The content of the article:

  1. Causes and risk factors
  2. Symptoms
  3. Diagnostics
  4. Treatment
  5. Possible complications and consequences
  6. Forecast

Anhydrotic ectodermal dysplasia is a hereditary disease caused by a genetic defect and characterized by congenital anomalies in the development of teeth, sweat and sebaceous glands, hair follicles and glands of the mucous membranes.

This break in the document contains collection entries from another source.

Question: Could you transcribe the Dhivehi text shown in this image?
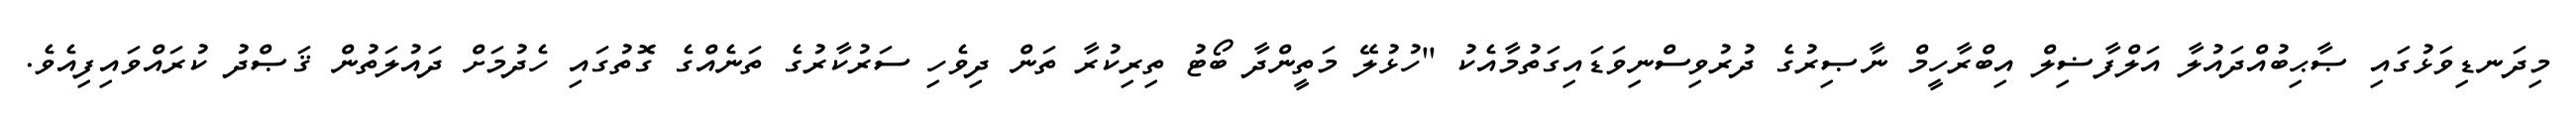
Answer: މިދަނޑިވަޅުގައި ޞާޙިބުއްދައުލާ އަލްފާޟިލް އިބްރާހީމް ނާޞިރުގެ ދުރުވިސްނިވަޑައިގަތުމާއެކު "ހުޅުލޭ މަތީންދާ ބޯޓު ތިރިކުރާ ތަން ދިވެހި ސަރުކާރުގެ ތަނެއްގެ ގޮތުގައި ހެދުމަށް ދައުލަތުން ޤަޞްދު ކުރައްވައިފިއެވެ.
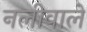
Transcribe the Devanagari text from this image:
नलीवाले
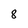
Character: 8
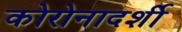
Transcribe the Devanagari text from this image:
कोरोनादर्शी
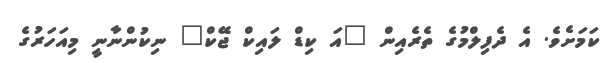
ކަމަށެވެ. އެ ދެފިލްމުގެ ތެރެއިން "އަ ކިޑް ލައިކް ޖޭކް" ނިކުންނާނީ މިއަހަރުގެ
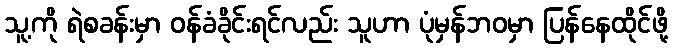
သူ့ကို ရဲစခန်းမှာ ဝန်ခံခိုင်းရင်လည်း သူဟာ ပုံမှန်ဘဝမှာ ပြန်နေထိုင်ဖို့
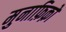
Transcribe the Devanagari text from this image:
मुनाफ़िक़ो
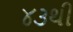
૪૩થી
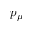
p _ { \mu }
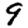
Digit: 9
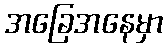
အခြေအနေမှာ
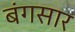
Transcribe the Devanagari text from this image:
बंगसार
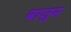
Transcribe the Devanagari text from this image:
बाजुन
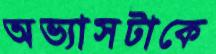
অভ্যাসটাকে
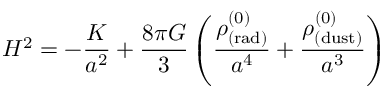
H ^ { 2 } = - \frac { K } { a ^ { 2 } } + \frac { 8 \pi G } { 3 } \left( \frac { \rho _ { \mathrm { ( r a d ) } } ^ { ( 0 ) } } { a ^ { 4 } } + \frac { \rho _ { \mathrm { ( d u s t ) } } ^ { ( 0 ) } } { a ^ { 3 } } \right)
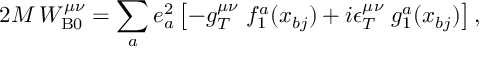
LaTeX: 2 M \, W _ { \mathrm { B } 0 } ^ { \mu \nu } = \sum _ { a } e _ { a } ^ { 2 } \left[ - g _ { T } ^ { \mu \nu } \; f _ { 1 } ^ { a } ( x _ { b j } ) + i \epsilon _ { T } ^ { \mu \nu } \; g _ { 1 } ^ { a } ( x _ { b j } ) \right] ,
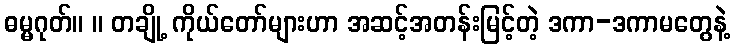
ဓမ္မဂုတ်။ ။ တချို့ ကိုယ်တော်များဟာ အဆင့်အတန်းမြင့်တဲ့ ဒကာ-ဒကာမတွေနဲ့
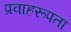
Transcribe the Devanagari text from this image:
प्रवाहरूपता
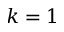
k = 1
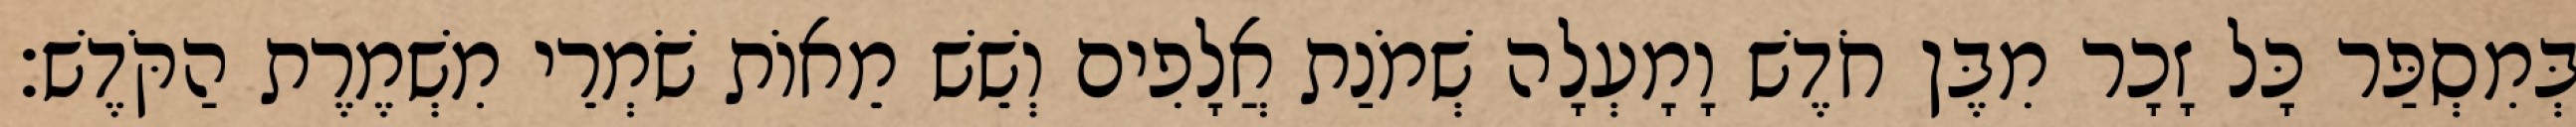
בְּמִסְפַּר כָּל זָכָר מִבֶּן חֹדֶשׁ וָמָעְלָה שְׁמֹנַת אֲלָפִים וְשֵׁשׁ מֵאוֹת שֹׁמְרֵי מִשְׁמֶרֶת הַקֹּדֶשׁ׃

A triad specific to this pathology:

  • an- or hypohidrosis (decreased activity of the sweat glands);
  • hypo-, oligo- or adontia (defects in the dentition);
  • hypotrichosis (paucity of hair).

Women can be carriers of the defective gene (there are no clinically significant manifestations of the disease in this case, the symptoms are minimal: impaired development of individual teeth, poor hair growth and decreased sweating), only males are ill. The complete symptom complex of the disease in women is paradoxical and extremely rare.

The disease was first described in 1848 by the French scientist J. Touraine; in 1913 by the German dentist J. Christ and in 1929 by the German dermatologist H. Siemens the clinical manifestations were detailed.

Currently, the exact frequency of occurrence of the pathology has not been established, presumably - in one newborn in 5000-10,000. The disease is detected on all continents, in representatives of all races equally.

Synonyms: Christ-Siemens-Touraine syndrome, hypohydrotic ectodermal dysplasia.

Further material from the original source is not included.